My courses explore eighteenth- and nineteenth-century British literature and culture; imperialism and postcolonialism; the Romantic and Victorian novel; Victorian publishing practices; nineteenth-century religion and secularization; Gothic literature; digital approaches to literary criticism; and expository writing. The interdisciplinary First-Year Experience I co-taught with Professors Karen McCormack (Sociology), Lindsay Flynn (Political Science), and Kelly Goff (Visual Art) focused on “Addressing Inequality,” with my portion examining specifically “Storytelling for Social Change.”

Here are the courses I currently teach in rotation:

  • ENG 101: Writing about Travel and Exploration
  • ENG 224: The Gothic
  • ENG 235: Empire, Race, and the Victorians
  • ENG 236: Sex, God, and the Victorians
  • ENG 271: Nineteenth-Century Narrative
  • ENG 290: Approaches to Literature and Culture
  • ENG 325: The 18th-C. Novel: Gender, Madness, and the Rise of the Novel
  • ENG 326: Digital Victorians

Student Projects

My students’ honors theses and independent studies have focused on topics including rural politics and the Victorian novel; aestheticism, decadence, and the female ghost; Charles Dickens’s London; and Jane Austen.

Students in my courses do a lot of writing, of course! But they have also created websites showcasing archival material, made podcasts, generated digital maps of novels, worked on digitally annotating historical texts, and, in one case, composed an original piece of electronic music based on a nineteenth-century collection of poetry. In the past, students from my courses have presented projects and scholarship at conferences in Pennsylvania, Oklahoma, and Chicago.

Research Interests

My book, Missionary Cosmopolitanism in Nineteenth-Century British Literature (Ohio State University Press 2020), studies the relationship between nineteenth-century British missionaries and shifting notions of cosmopolitanism in the metropole.

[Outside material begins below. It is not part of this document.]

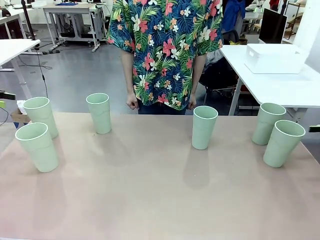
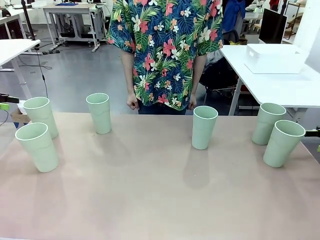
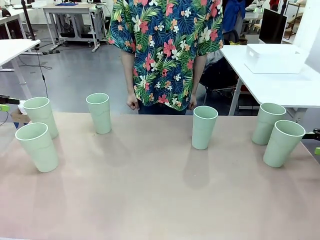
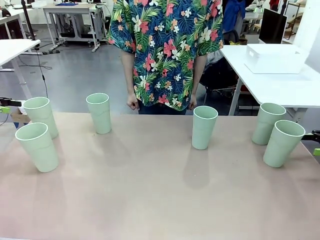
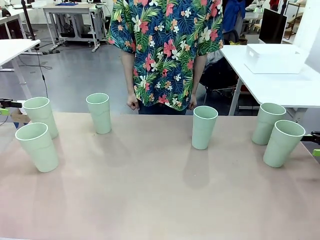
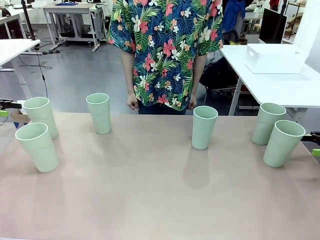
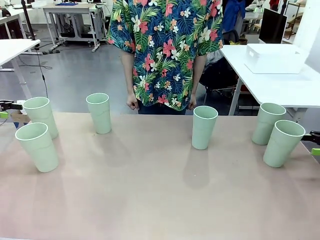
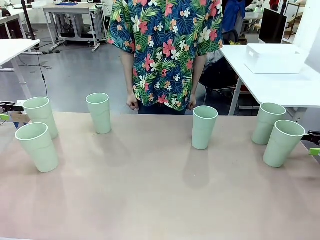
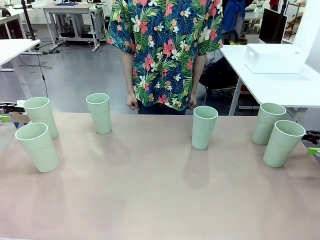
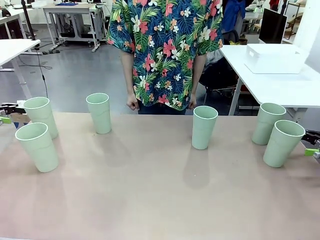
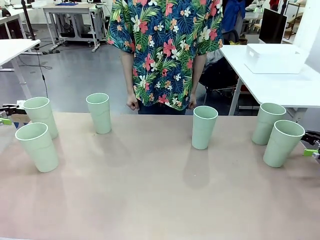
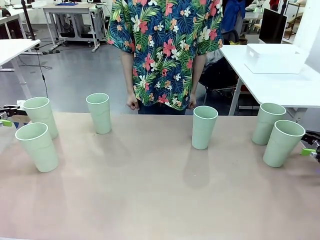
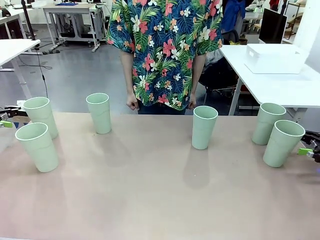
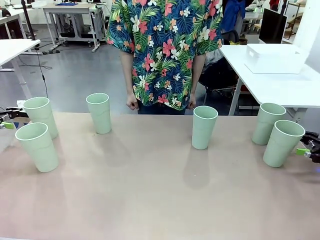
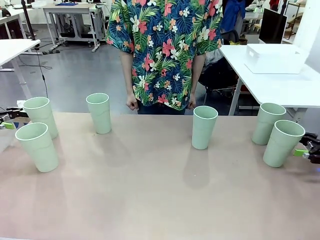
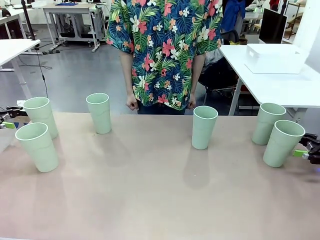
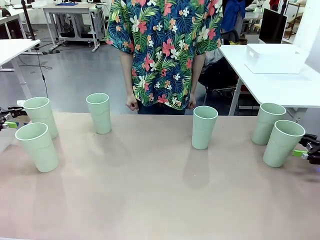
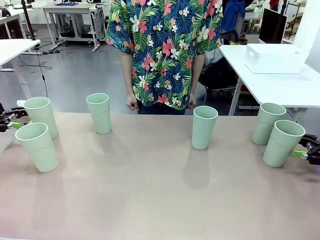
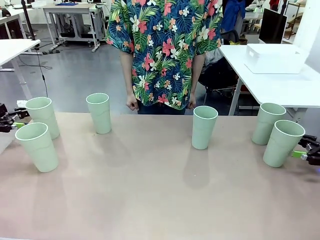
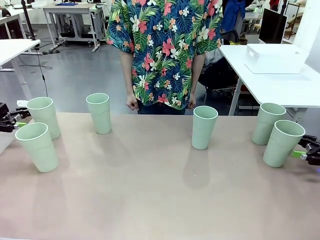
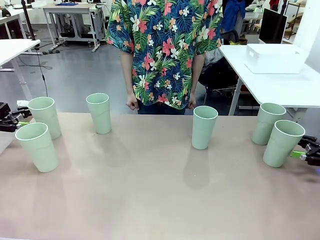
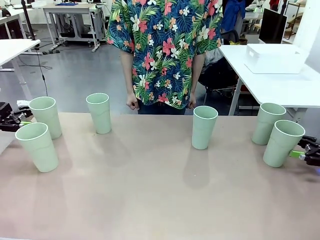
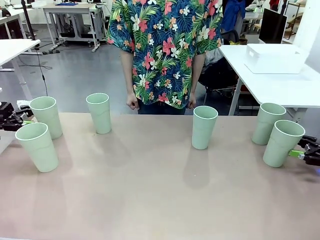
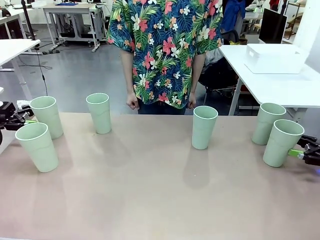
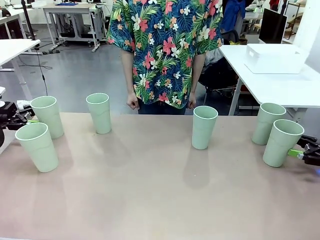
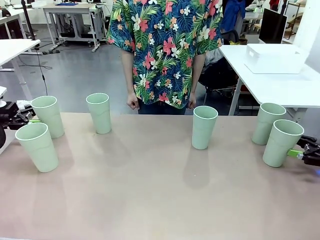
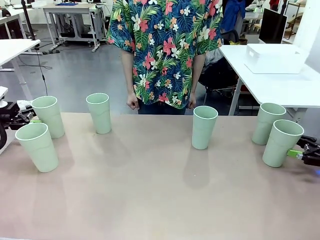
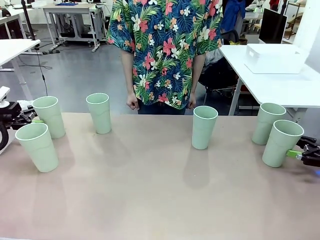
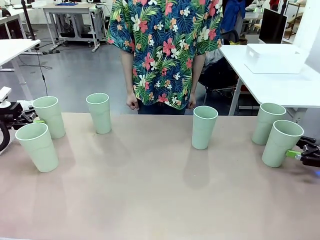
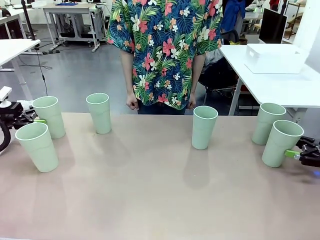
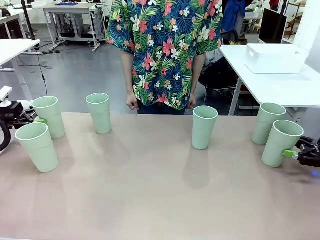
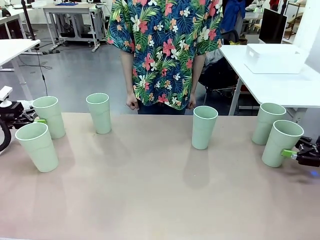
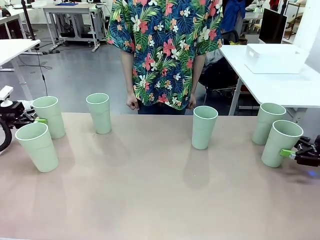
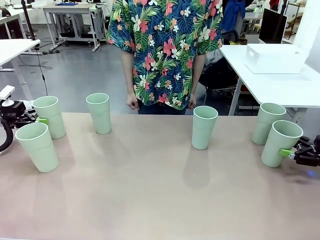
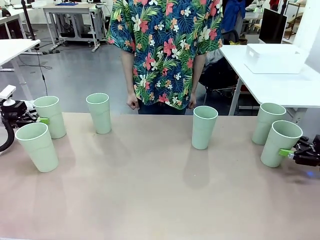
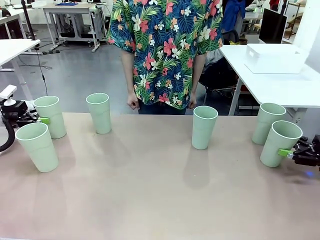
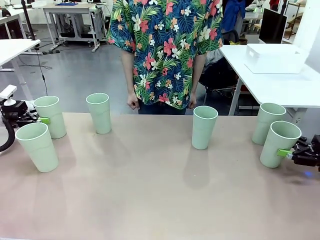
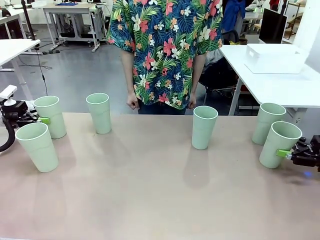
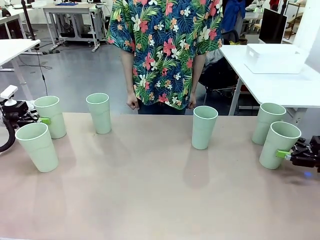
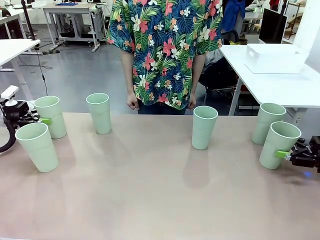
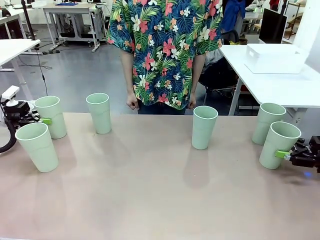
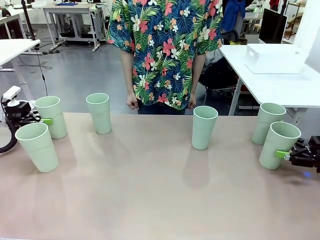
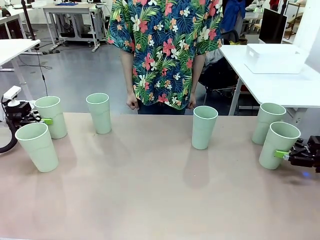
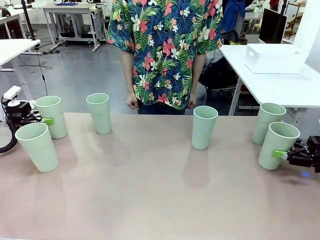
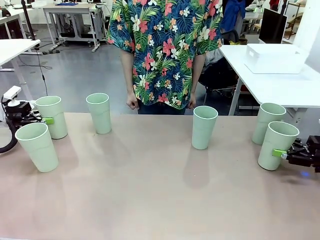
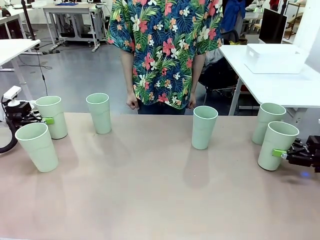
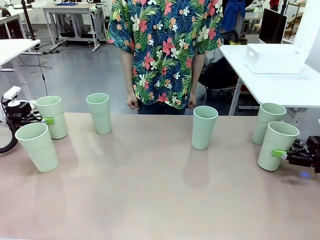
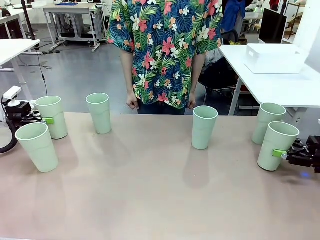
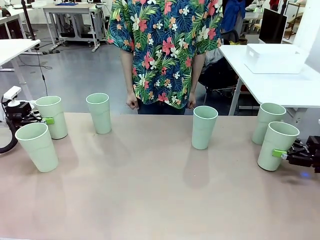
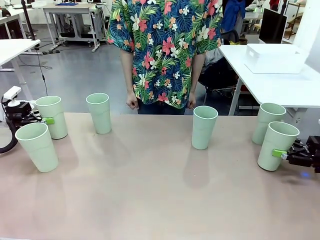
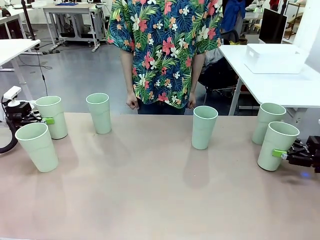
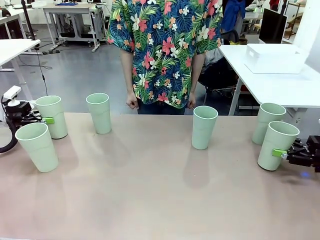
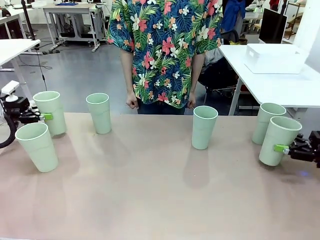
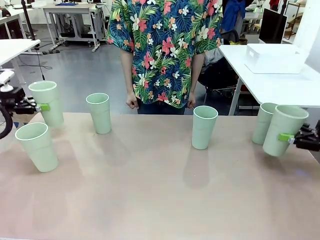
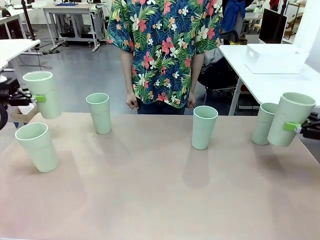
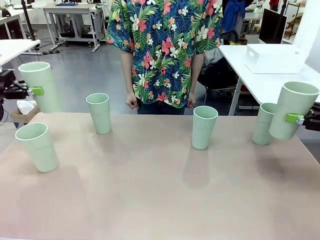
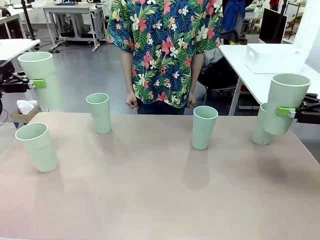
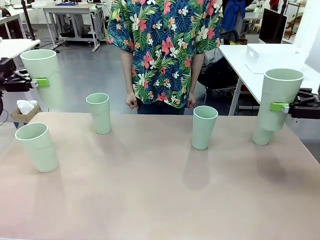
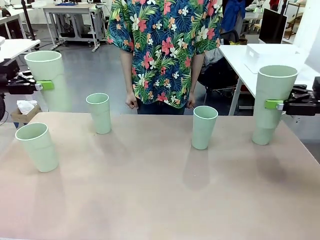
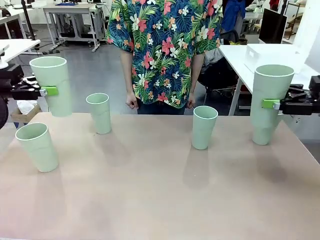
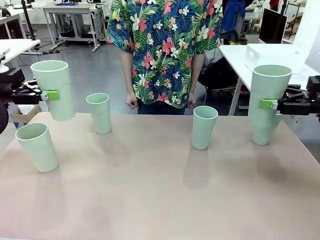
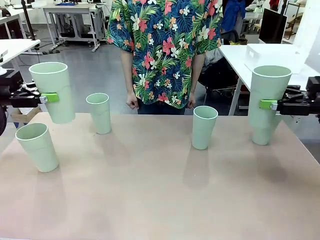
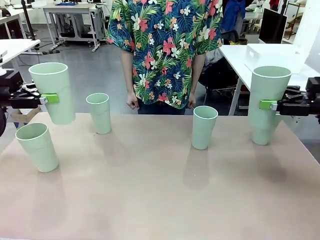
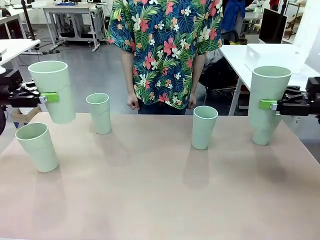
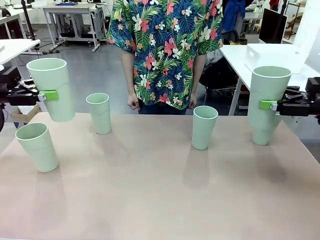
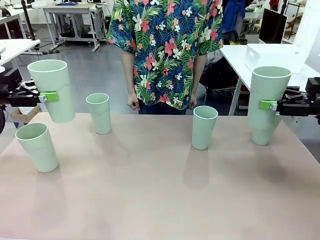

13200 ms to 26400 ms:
Task: Stack the cups and store them in the basket.
Robot: Pick up two Reusable plastic cups , one in each hand.

Drawing on a range of archival resources, including sermons, pamphlets, and periodicals, I examine how nineteenth-century expressions of cosmopolitanism proved inextricable from the global turn of evangelical religion. Authors examined include Robert Southey, Sydney Owenson, Charlotte Brontë, and Charles Dickens.

My co-edited book with Joshua King, Constructing Nineteenth-Century Religion: Literary, Historical, and Religious Studies in Dialogue (Ohio State University Press 2019), brings together literary critics, historians, and religious studies scholars to examine the ways that nineteenth-century religion was constructed, commodified, and practiced.

Current research projects are driven by the following questions: how do religious commitments impact the ways we read and critique literature? How do nineteenth-century novels provide unexpected resources for addressing today’s problems of social alienation, as well as information overload and discerning fact from fiction? Can we create a practice of literary inquiry that is less cloistered, more public-facing and transformative for scholars, students, and readers alike?